= George Maledon =

American hangman

George Maledon (June 10, 1830 – June 5, 1911) was an American hangman nicknamed "The Prince of Hangmen", who served in the federal court of Judge Isaac C. Parker.

==Early life==
Maledon was born on June 10, 1830, in Germany. His family migrated to Detroit, Michigan, while he was still a child. He moved to Fort Smith, Arkansas, soon after his 18th birthday, and began working as a police officer. He held this position for many years. At the outbreak of the Civil War, he enlisted in the Arkansas Light Artillery, serving in the 1st Battalion.

== Career ==
After the war's end, Maledon returned to Fort Smith, where he began working as a night guard in the federal jail.

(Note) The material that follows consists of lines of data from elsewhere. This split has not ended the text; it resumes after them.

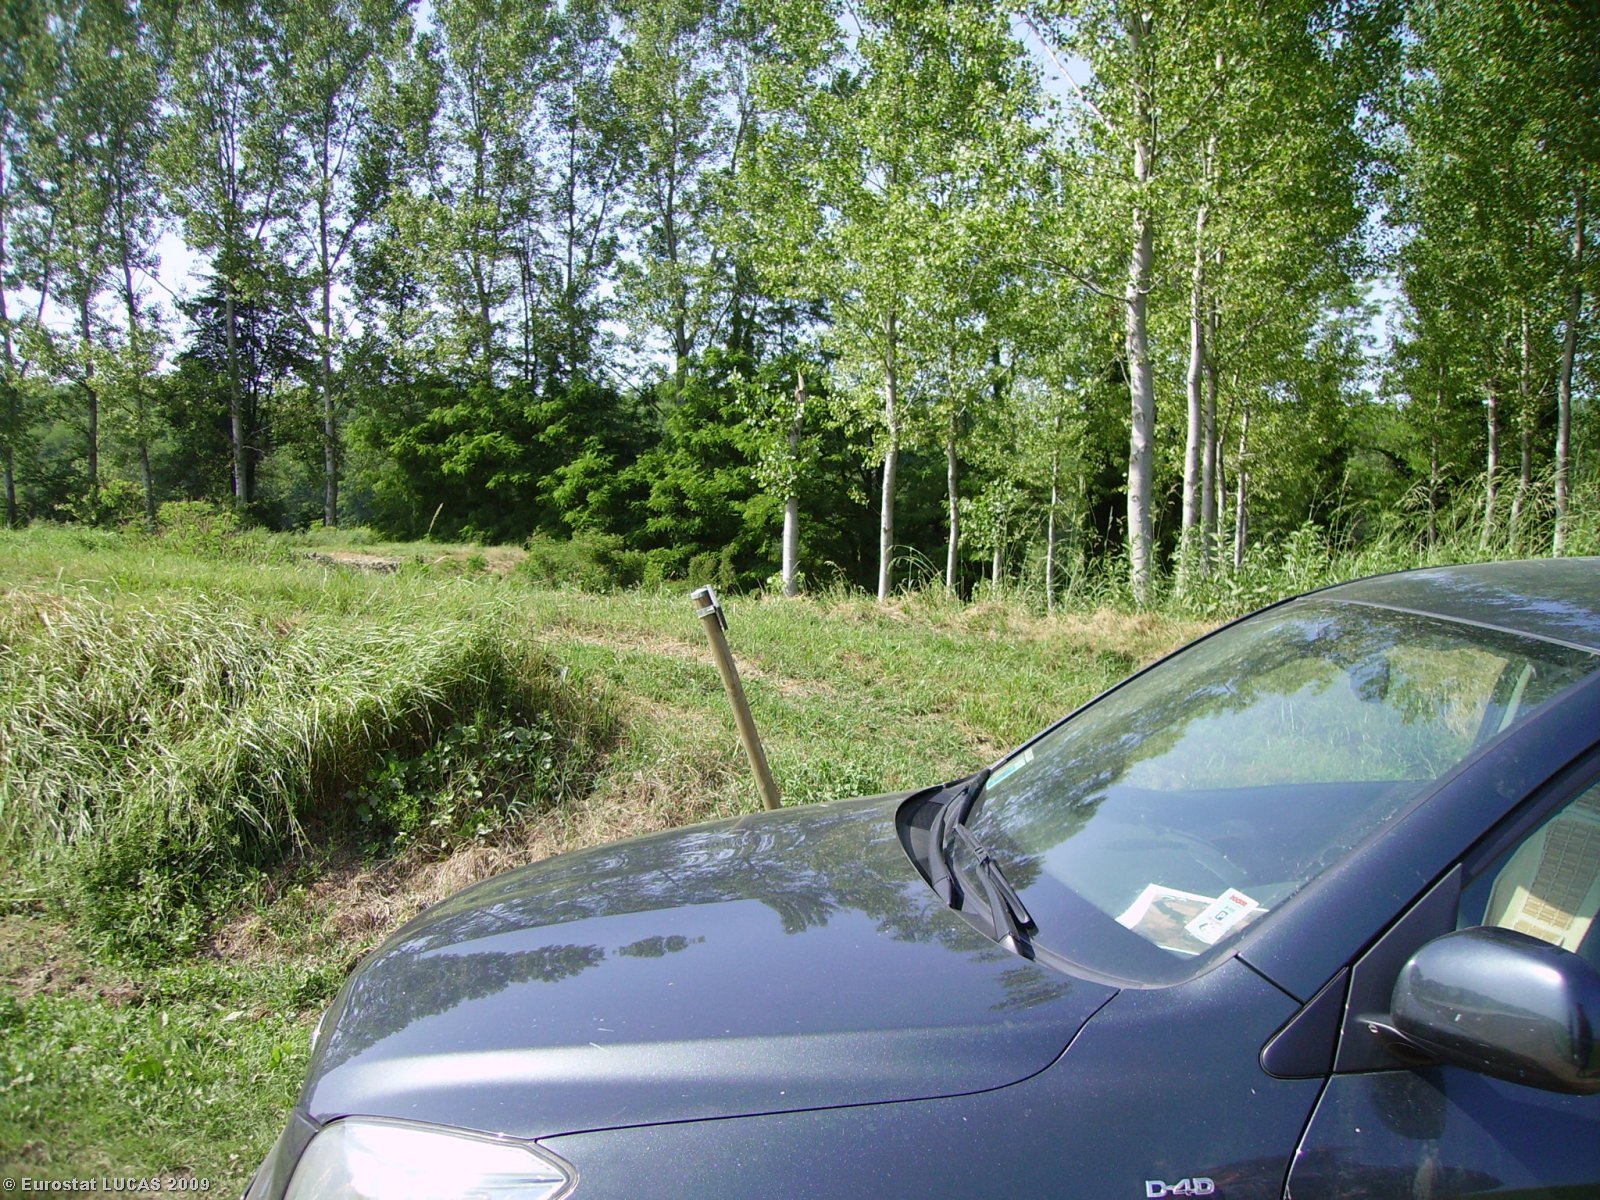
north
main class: Cropland
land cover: Rice
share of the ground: 10 - 25 %
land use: Agriculture (excluding fallow land and kitchen gardens)
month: May
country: IT
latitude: 45.1414
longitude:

Records indicate that Maledon supervised executions from the mid-1880s until 1891, and then again in 1894. Maledon carried dual revolvers around and who ever tried to escape was killed by his gun. Maledon was not the only jailer who participated in the executions. Contemporary newspaper accounts mention other jailers as well.

== In popular culture ==
Remembered today as the "prince of Hangmen", Maledon's actual work at Fort Smith is much more difficult to document. He stopped working for the federal court in 1894, and began traveling the area with a tent display showing gallows relics, including nooses and photographs of the men who died on the gallows. The 1899 publication of "Hell on the Border" documented Maledon's ties to the executions of the Federal Court, and first bestowed the title of "prince of hangmen".

== Death ==
In 1905, in failing health, Maledon entered an "Old Soldiers Home" in Humboldt, Tennessee. Maledon died in 1911, just shy of his 81st birthday, of natural causes. He is buried in the Johnson City Cemetery.